Acrylic has it's place and is highly desired for certain projects. Wool is great as well, since it keeps a body warm even when it's been wet by rain (or worse) and Hoo-Ray if you are not in a third-world country and have access to it if you can afford it. Crochet is awesome for blankets or lace projects, I admit to crocheting curtains or lace-edgings often enough.  Knitting is precise and comfortable on a foot in a sock, or in a sweater on a body, in wool it's breathable.  

I've said this before, too. I find knitting easier.  It's one stitch, you learn it frontwards (knit) and backwards (purl), you change colors, you change the order of the stitches, you change the directions but it's still one stitch.  Crocheting stitches include the chain, single crochet, double, half-double, triple, treble, around the post in front, in back, through both loops, through the front loop, through the back.... get it?  It offers a great variety, which is awesome but I gotta say, I'm a little surprised charts aren't more popular.  Seriously, charts have been reserved like the answer key at the back of the teachers' textbook that the student never sees.
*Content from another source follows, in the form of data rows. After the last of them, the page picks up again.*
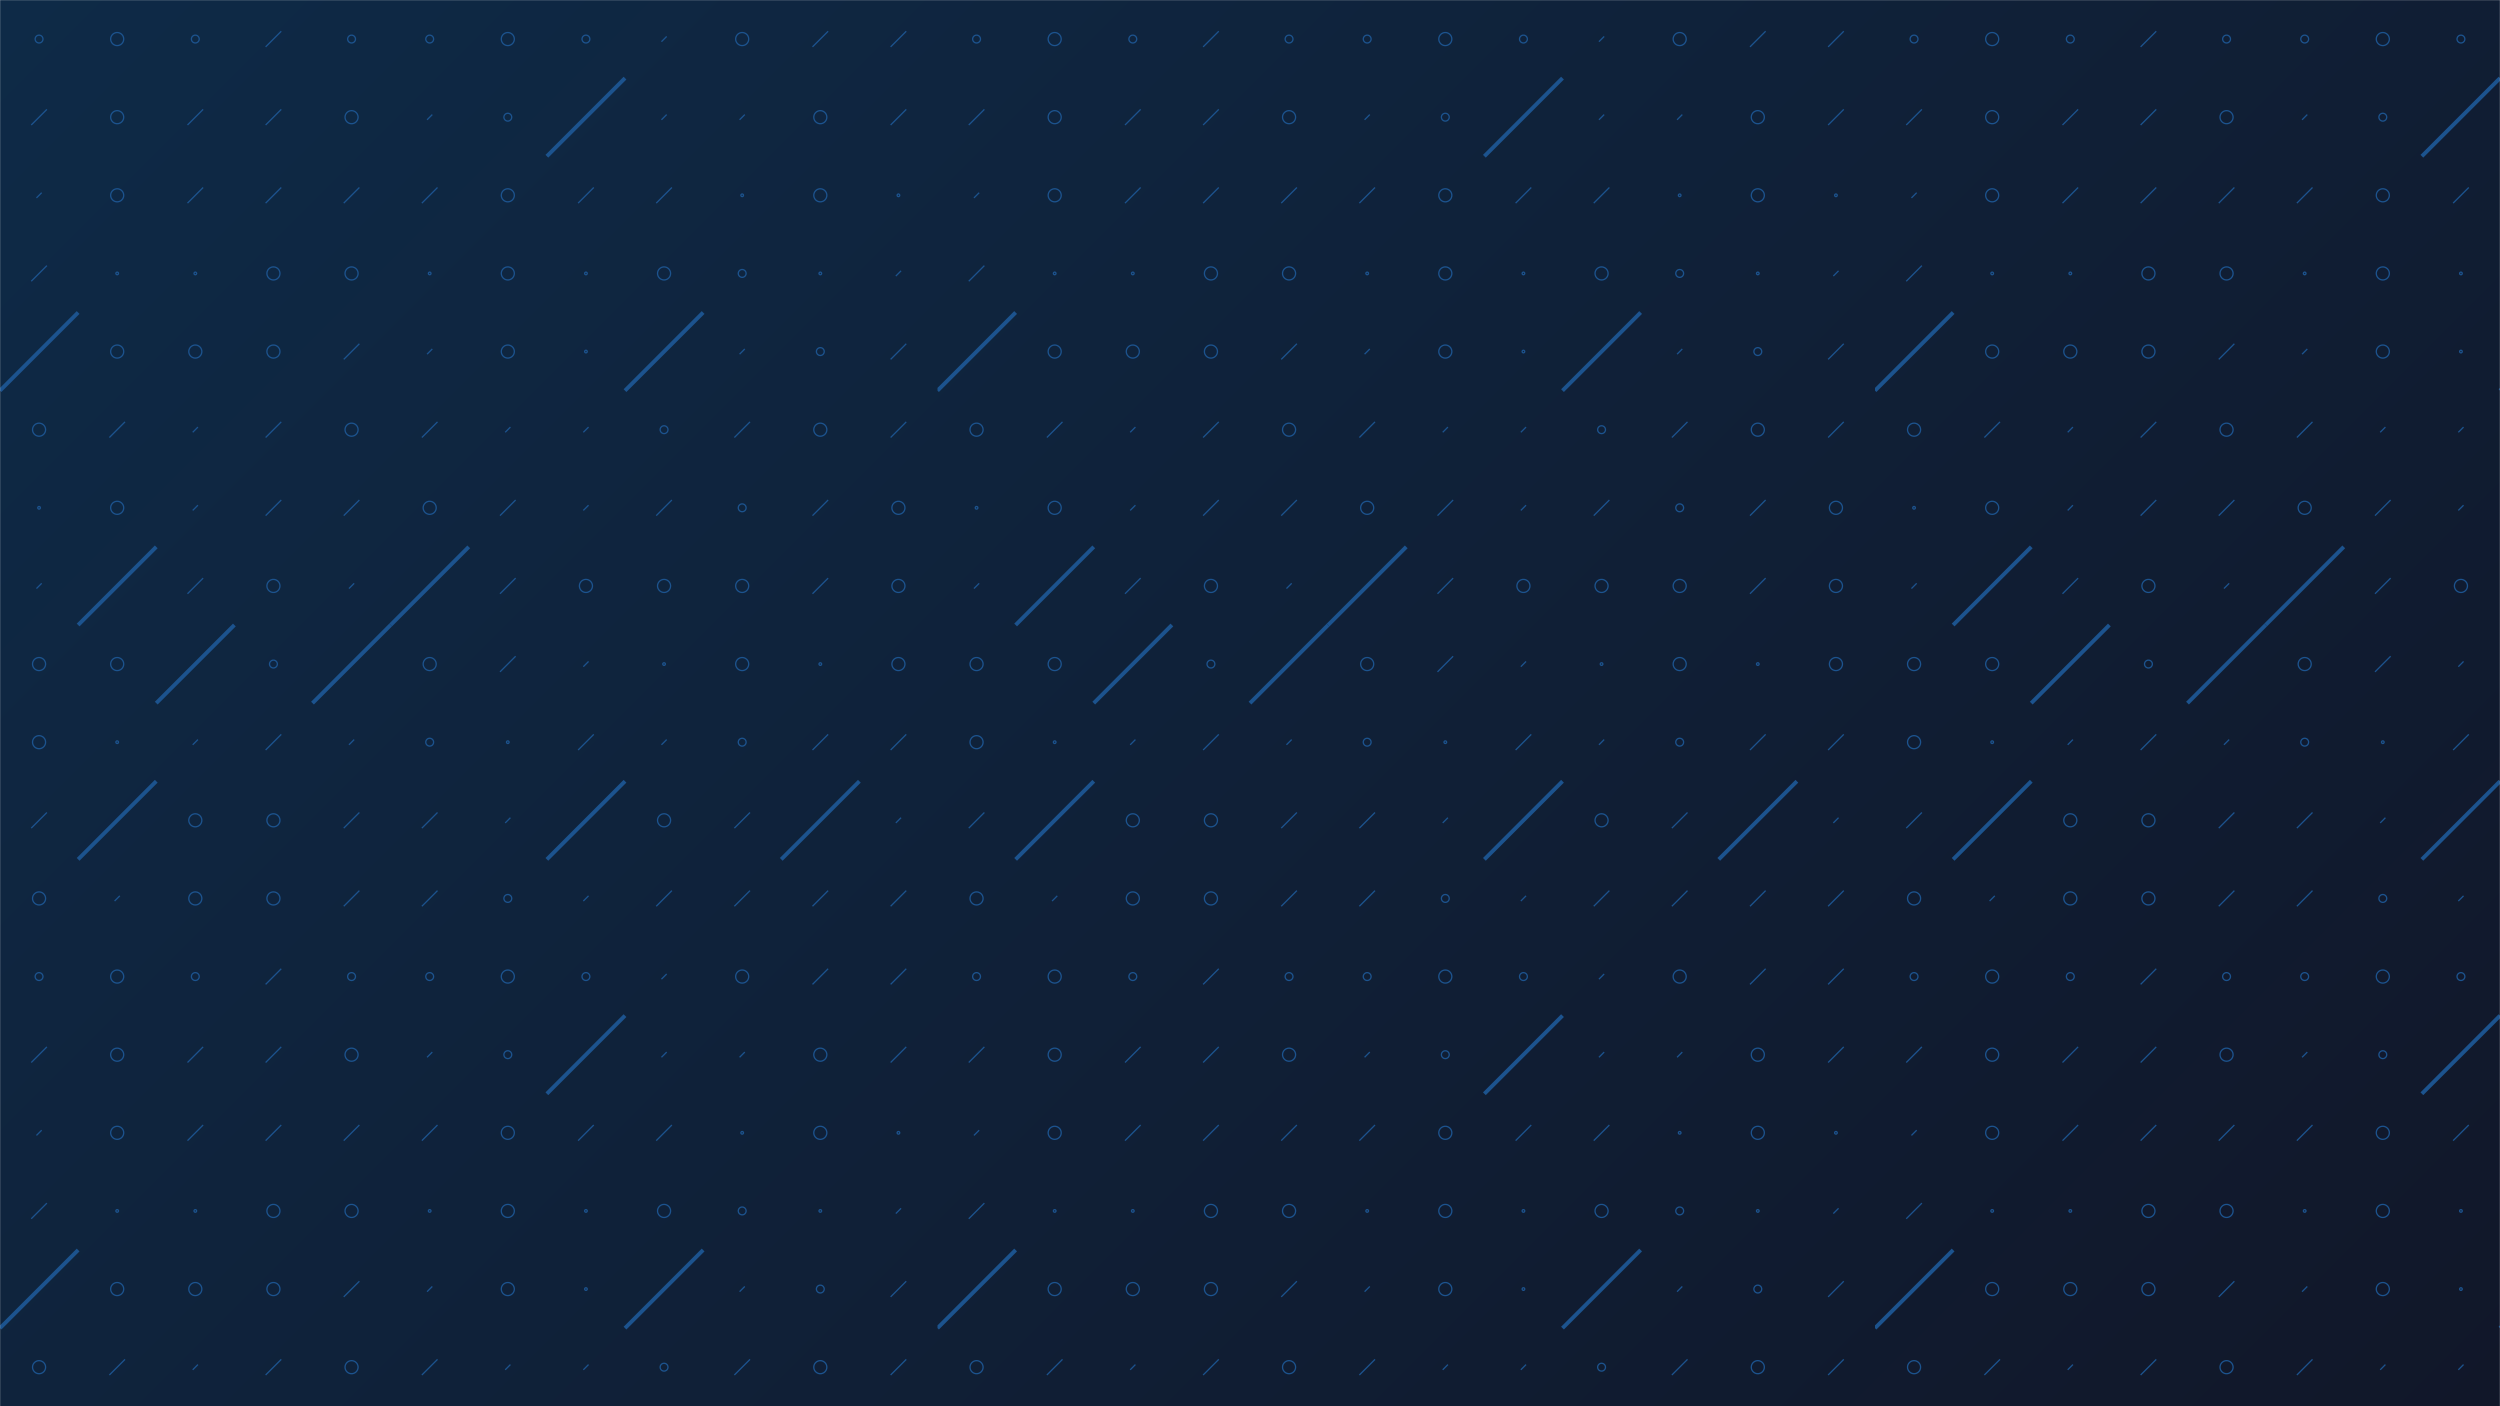 <svg xmlns="http://www.w3.org/2000/svg" version="1.1" xmlns:xlink="http://www.w3.org/1999/xlink" xmlns:svgjs="http://svgjs.com/svgjs" width="1920" height="1080" preserveAspectRatio="none" viewBox="0 0 1920 1080">
  <g mask="url(&quot;#SvgjsMask1468&quot;)" fill="none">
    <rect width="1920" height="1080" x="0" y="0" fill="url(#SvgjsLinearGradient1469)"></rect>
    <use xlink:href="#SvgjsSymbol1476" x="0" y="0"></use>
    <use xlink:href="#SvgjsSymbol1476" x="0" y="720"></use>
    <use xlink:href="#SvgjsSymbol1476" x="720" y="0"></use>
    <use xlink:href="#SvgjsSymbol1476" x="720" y="720"></use>
    <use xlink:href="#SvgjsSymbol1476" x="1440" y="0"></use>
    <use xlink:href="#SvgjsSymbol1476" x="1440" y="720"></use>
  </g>
  <defs>
    <mask id="SvgjsMask1468">
      <rect width="1920" height="1080" fill="#ffffff"></rect>
    </mask>
    <linearGradient x1="10.94%" y1="-19.44%" x2="89.06%" y2="119.44%" gradientUnits="userSpaceOnUse" id="SvgjsLinearGradient1469">
      <stop stop-color="#0e2a47" offset="0"></stop>
      <stop stop-color="rgba(17, 23, 41, 1)" offset="1"></stop>
    </linearGradient>
    <path d="M-1 0 a1 1 0 1 0 2 0 a1 1 0 1 0 -2 0z" id="SvgjsPath1475"></path>
    <path d="M-3 0 a3 3 0 1 0 6 0 a3 3 0 1 0 -6 0z" id="SvgjsPath1470"></path>
    <path d="M-5 0 a5 5 0 1 0 10 0 a5 5 0 1 0 -10 0z" id="SvgjsPath1474"></path>
    <path d="M2 -2 L-2 2z" id="SvgjsPath1472"></path>
    <path d="M6 -6 L-6 6z" id="SvgjsPath1471"></path>
    <path d="M30 -30 L-30 30z" id="SvgjsPath1473"></path>
  </defs>
  <symbol id="SvgjsSymbol1476">
    <use xlink:href="#SvgjsPath1470" x="30" y="30" stroke="#1c538e"></use>
    <use xlink:href="#SvgjsPath1471" x="30" y="90" stroke="#1c538e"></use>
    <use xlink:href="#SvgjsPath1472" x="30" y="150" stroke="#1c538e"></use>
    <use xlink:href="#SvgjsPath1471" x="30" y="210" stroke="#1c538e"></use>
    <use xlink:href="#SvgjsPath1473" x="30" y="270" stroke="#1c538e" stroke-width="3"></use>
    <use xlink:href="#SvgjsPath1474" x="30" y="330" stroke="#1c538e"></use>
    <use xlink:href="#SvgjsPath1475" x="30" y="390" stroke="#1c538e"></use>
    <use xlink:href="#SvgjsPath1472" x="30" y="450" stroke="#1c538e"></use>
    <use xlink:href="#SvgjsPath1474" x="30" y="510" stroke="#1c538e"></use>
    <use xlink:href="#SvgjsPath1474" x="30" y="570" stroke="#1c538e"></use>
    <use xlink:href="#SvgjsPath1471" x="30" y="630" stroke="#1c538e"></use>
    <use xlink:href="#SvgjsPath1474" x="30" y="690" stroke="#1c538e"></use>
    <use xlink:href="#SvgjsPath1474" x="90" y="30" stroke="#1c538e"></use>
    <use xlink:href="#SvgjsPath1474" x="90" y="90" stroke="#1c538e"></use>
    <use xlink:href="#SvgjsPath1474" x="90" y="150" stroke="#1c538e"></use>
    <use xlink:href="#SvgjsPath1475" x="90" y="210" stroke="#1c538e"></use>
    <use xlink:href="#SvgjsPath1474" x="90" y="270" stroke="#1c538e"></use>
    <use xlink:href="#SvgjsPath1471" x="90" y="330" stroke="#1c538e"></use>
    <use xlink:href="#SvgjsPath1474" x="90" y="390" stroke="#1c538e"></use>
    <use xlink:href="#SvgjsPath1473" x="90" y="450" stroke="#1c538e" stroke-width="3"></use>
    <use xlink:href="#SvgjsPath1474" x="90" y="510" stroke="#1c538e"></use>
    <use xlink:href="#SvgjsPath1475" x="90" y="570" stroke="#1c538e"></use>
    <use xlink:href="#SvgjsPath1473" x="90" y="630" stroke="#1c538e" stroke-width="3"></use>
    <use xlink:href="#SvgjsPath1472" x="90" y="690" stroke="#1c538e"></use>
    <use xlink:href="#SvgjsPath1470" x="150" y="30" stroke="#1c538e"></use>
    <use xlink:href="#SvgjsPath1471" x="150" y="90" stroke="#1c538e"></use>
    <use xlink:href="#SvgjsPath1471" x="150" y="150" stroke="#1c538e"></use>
    <use xlink:href="#SvgjsPath1475" x="150" y="210" stroke="#1c538e"></use>
    <use xlink:href="#SvgjsPath1474" x="150" y="270" stroke="#1c538e"></use>
    <use xlink:href="#SvgjsPath1472" x="150" y="330" stroke="#1c538e"></use>
    <use xlink:href="#SvgjsPath1472" x="150" y="390" stroke="#1c538e"></use>
    <use xlink:href="#SvgjsPath1471" x="150" y="450" stroke="#1c538e"></use>
    <use xlink:href="#SvgjsPath1473" x="150" y="510" stroke="#1c538e" stroke-width="3"></use>
    <use xlink:href="#SvgjsPath1472" x="150" y="570" stroke="#1c538e"></use>
    <use xlink:href="#SvgjsPath1474" x="150" y="630" stroke="#1c538e"></use>
    <use xlink:href="#SvgjsPath1474" x="150" y="690" stroke="#1c538e"></use>
    <use xlink:href="#SvgjsPath1471" x="210" y="30" stroke="#1c538e"></use>
    <use xlink:href="#SvgjsPath1471" x="210" y="90" stroke="#1c538e"></use>
    <use xlink:href="#SvgjsPath1471" x="210" y="150" stroke="#1c538e"></use>
    <use xlink:href="#SvgjsPath1474" x="210" y="210" stroke="#1c538e"></use>
    <use xlink:href="#SvgjsPath1474" x="210" y="270" stroke="#1c538e"></use>
    <use xlink:href="#SvgjsPath1471" x="210" y="330" stroke="#1c538e"></use>
    <use xlink:href="#SvgjsPath1471" x="210" y="390" stroke="#1c538e"></use>
    <use xlink:href="#SvgjsPath1474" x="210" y="450" stroke="#1c538e"></use>
    <use xlink:href="#SvgjsPath1470" x="210" y="510" stroke="#1c538e"></use>
    <use xlink:href="#SvgjsPath1471" x="210" y="570" stroke="#1c538e"></use>
    <use xlink:href="#SvgjsPath1474" x="210" y="630" stroke="#1c538e"></use>
    <use xlink:href="#SvgjsPath1474" x="210" y="690" stroke="#1c538e"></use>
    <use xlink:href="#SvgjsPath1470" x="270" y="30" stroke="#1c538e"></use>
    <use xlink:href="#SvgjsPath1474" x="270" y="90" stroke="#1c538e"></use>
    <use xlink:href="#SvgjsPath1471" x="270" y="150" stroke="#1c538e"></use>
    <use xlink:href="#SvgjsPath1474" x="270" y="210" stroke="#1c538e"></use>
    <use xlink:href="#SvgjsPath1471" x="270" y="270" stroke="#1c538e"></use>
    <use xlink:href="#SvgjsPath1474" x="270" y="330" stroke="#1c538e"></use>
    <use xlink:href="#SvgjsPath1471" x="270" y="390" stroke="#1c538e"></use>
    <use xlink:href="#SvgjsPath1472" x="270" y="450" stroke="#1c538e"></use>
    <use xlink:href="#SvgjsPath1473" x="270" y="510" stroke="#1c538e" stroke-width="3"></use>
    <use xlink:href="#SvgjsPath1472" x="270" y="570" stroke="#1c538e"></use>
    <use xlink:href="#SvgjsPath1471" x="270" y="630" stroke="#1c538e"></use>
    <use xlink:href="#SvgjsPath1471" x="270" y="690" stroke="#1c538e"></use>
    <use xlink:href="#SvgjsPath1470" x="330" y="30" stroke="#1c538e"></use>
    <use xlink:href="#SvgjsPath1472" x="330" y="90" stroke="#1c538e"></use>
    <use xlink:href="#SvgjsPath1471" x="330" y="150" stroke="#1c538e"></use>
    <use xlink:href="#SvgjsPath1475" x="330" y="210" stroke="#1c538e"></use>
    <use xlink:href="#SvgjsPath1472" x="330" y="270" stroke="#1c538e"></use>
    <use xlink:href="#SvgjsPath1471" x="330" y="330" stroke="#1c538e"></use>
    <use xlink:href="#SvgjsPath1474" x="330" y="390" stroke="#1c538e"></use>
    <use xlink:href="#SvgjsPath1473" x="330" y="450" stroke="#1c538e" stroke-width="3"></use>
    <use xlink:href="#SvgjsPath1474" x="330" y="510" stroke="#1c538e"></use>
    <use xlink:href="#SvgjsPath1470" x="330" y="570" stroke="#1c538e"></use>
    <use xlink:href="#SvgjsPath1471" x="330" y="630" stroke="#1c538e"></use>
    <use xlink:href="#SvgjsPath1471" x="330" y="690" stroke="#1c538e"></use>
    <use xlink:href="#SvgjsPath1474" x="390" y="30" stroke="#1c538e"></use>
    <use xlink:href="#SvgjsPath1470" x="390" y="90" stroke="#1c538e"></use>
    <use xlink:href="#SvgjsPath1474" x="390" y="150" stroke="#1c538e"></use>
    <use xlink:href="#SvgjsPath1474" x="390" y="210" stroke="#1c538e"></use>
    <use xlink:href="#SvgjsPath1474" x="390" y="270" stroke="#1c538e"></use>
    <use xlink:href="#SvgjsPath1472" x="390" y="330" stroke="#1c538e"></use>
    <use xlink:href="#SvgjsPath1471" x="390" y="390" stroke="#1c538e"></use>
    <use xlink:href="#SvgjsPath1471" x="390" y="450" stroke="#1c538e"></use>
    <use xlink:href="#SvgjsPath1471" x="390" y="510" stroke="#1c538e"></use>
    <use xlink:href="#SvgjsPath1475" x="390" y="570" stroke="#1c538e"></use>
    <use xlink:href="#SvgjsPath1472" x="390" y="630" stroke="#1c538e"></use>
    <use xlink:href="#SvgjsPath1470" x="390" y="690" stroke="#1c538e"></use>
    <use xlink:href="#SvgjsPath1470" x="450" y="30" stroke="#1c538e"></use>
    <use xlink:href="#SvgjsPath1473" x="450" y="90" stroke="#1c538e" stroke-width="3"></use>
    <use xlink:href="#SvgjsPath1471" x="450" y="150" stroke="#1c538e"></use>
    <use xlink:href="#SvgjsPath1475" x="450" y="210" stroke="#1c538e"></use>
    <use xlink:href="#SvgjsPath1475" x="450" y="270" stroke="#1c538e"></use>
    <use xlink:href="#SvgjsPath1472" x="450" y="330" stroke="#1c538e"></use>
    <use xlink:href="#SvgjsPath1472" x="450" y="390" stroke="#1c538e"></use>
    <use xlink:href="#SvgjsPath1474" x="450" y="450" stroke="#1c538e"></use>
    <use xlink:href="#SvgjsPath1472" x="450" y="510" stroke="#1c538e"></use>
    <use xlink:href="#SvgjsPath1471" x="450" y="570" stroke="#1c538e"></use>
    <use xlink:href="#SvgjsPath1473" x="450" y="630" stroke="#1c538e" stroke-width="3"></use>
    <use xlink:href="#SvgjsPath1472" x="450" y="690" stroke="#1c538e"></use>
    <use xlink:href="#SvgjsPath1472" x="510" y="30" stroke="#1c538e"></use>
    <use xlink:href="#SvgjsPath1472" x="510" y="90" stroke="#1c538e"></use>
    <use xlink:href="#SvgjsPath1471" x="510" y="150" stroke="#1c538e"></use>
    <use xlink:href="#SvgjsPath1474" x="510" y="210" stroke="#1c538e"></use>
    <use xlink:href="#SvgjsPath1473" x="510" y="270" stroke="#1c538e" stroke-width="3"></use>
    <use xlink:href="#SvgjsPath1470" x="510" y="330" stroke="#1c538e"></use>
    <use xlink:href="#SvgjsPath1471" x="510" y="390" stroke="#1c538e"></use>
    <use xlink:href="#SvgjsPath1474" x="510" y="450" stroke="#1c538e"></use>
    <use xlink:href="#SvgjsPath1475" x="510" y="510" stroke="#1c538e"></use>
    <use xlink:href="#SvgjsPath1472" x="510" y="570" stroke="#1c538e"></use>
    <use xlink:href="#SvgjsPath1474" x="510" y="630" stroke="#1c538e"></use>
    <use xlink:href="#SvgjsPath1471" x="510" y="690" stroke="#1c538e"></use>
    <use xlink:href="#SvgjsPath1474" x="570" y="30" stroke="#1c538e"></use>
    <use xlink:href="#SvgjsPath1472" x="570" y="90" stroke="#1c538e"></use>
    <use xlink:href="#SvgjsPath1475" x="570" y="150" stroke="#1c538e"></use>
    <use xlink:href="#SvgjsPath1470" x="570" y="210" stroke="#1c538e"></use>
    <use xlink:href="#SvgjsPath1472" x="570" y="270" stroke="#1c538e"></use>
    <use xlink:href="#SvgjsPath1471" x="570" y="330" stroke="#1c538e"></use>
    <use xlink:href="#SvgjsPath1470" x="570" y="390" stroke="#1c538e"></use>
    <use xlink:href="#SvgjsPath1474" x="570" y="450" stroke="#1c538e"></use>
    <use xlink:href="#SvgjsPath1474" x="570" y="510" stroke="#1c538e"></use>
    <use xlink:href="#SvgjsPath1470" x="570" y="570" stroke="#1c538e"></use>
    <use xlink:href="#SvgjsPath1471" x="570" y="630" stroke="#1c538e"></use>
    <use xlink:href="#SvgjsPath1471" x="570" y="690" stroke="#1c538e"></use>
    <use xlink:href="#SvgjsPath1471" x="630" y="30" stroke="#1c538e"></use>
    <use xlink:href="#SvgjsPath1474" x="630" y="90" stroke="#1c538e"></use>
    <use xlink:href="#SvgjsPath1474" x="630" y="150" stroke="#1c538e"></use>
    <use xlink:href="#SvgjsPath1475" x="630" y="210" stroke="#1c538e"></use>
    <use xlink:href="#SvgjsPath1470" x="630" y="270" stroke="#1c538e"></use>
    <use xlink:href="#SvgjsPath1474" x="630" y="330" stroke="#1c538e"></use>
    <use xlink:href="#SvgjsPath1471" x="630" y="390" stroke="#1c538e"></use>
    <use xlink:href="#SvgjsPath1471" x="630" y="450" stroke="#1c538e"></use>
    <use xlink:href="#SvgjsPath1475" x="630" y="510" stroke="#1c538e"></use>
    <use xlink:href="#SvgjsPath1471" x="630" y="570" stroke="#1c538e"></use>
    <use xlink:href="#SvgjsPath1473" x="630" y="630" stroke="#1c538e" stroke-width="3"></use>
    <use xlink:href="#SvgjsPath1471" x="630" y="690" stroke="#1c538e"></use>
    <use xlink:href="#SvgjsPath1471" x="690" y="30" stroke="#1c538e"></use>
    <use xlink:href="#SvgjsPath1471" x="690" y="90" stroke="#1c538e"></use>
    <use xlink:href="#SvgjsPath1475" x="690" y="150" stroke="#1c538e"></use>
    <use xlink:href="#SvgjsPath1472" x="690" y="210" stroke="#1c538e"></use>
    <use xlink:href="#SvgjsPath1471" x="690" y="270" stroke="#1c538e"></use>
    <use xlink:href="#SvgjsPath1471" x="690" y="330" stroke="#1c538e"></use>
    <use xlink:href="#SvgjsPath1474" x="690" y="390" stroke="#1c538e"></use>
    <use xlink:href="#SvgjsPath1474" x="690" y="450" stroke="#1c538e"></use>
    <use xlink:href="#SvgjsPath1474" x="690" y="510" stroke="#1c538e"></use>
    <use xlink:href="#SvgjsPath1471" x="690" y="570" stroke="#1c538e"></use>
    <use xlink:href="#SvgjsPath1472" x="690" y="630" stroke="#1c538e"></use>
    <use xlink:href="#SvgjsPath1471" x="690" y="690" stroke="#1c538e"></use>
  </symbol>
</svg>

It all works, somehow, with some thought.  There is no 'right' fiber, there is no 'right' craft anymore than there is a wrong one. If you can't find the pattern to do what you want to do, with how you want to do it, I have a recommendation for you: Obviously, you have found a need and you are probably also smart enough. I suggest you get busy and design it.

Just keep at it. Keep making for comfort, warmth, sentiment, decoration.... what ever makes you or your receiver happy and JUST BECAUSE YOU CAN!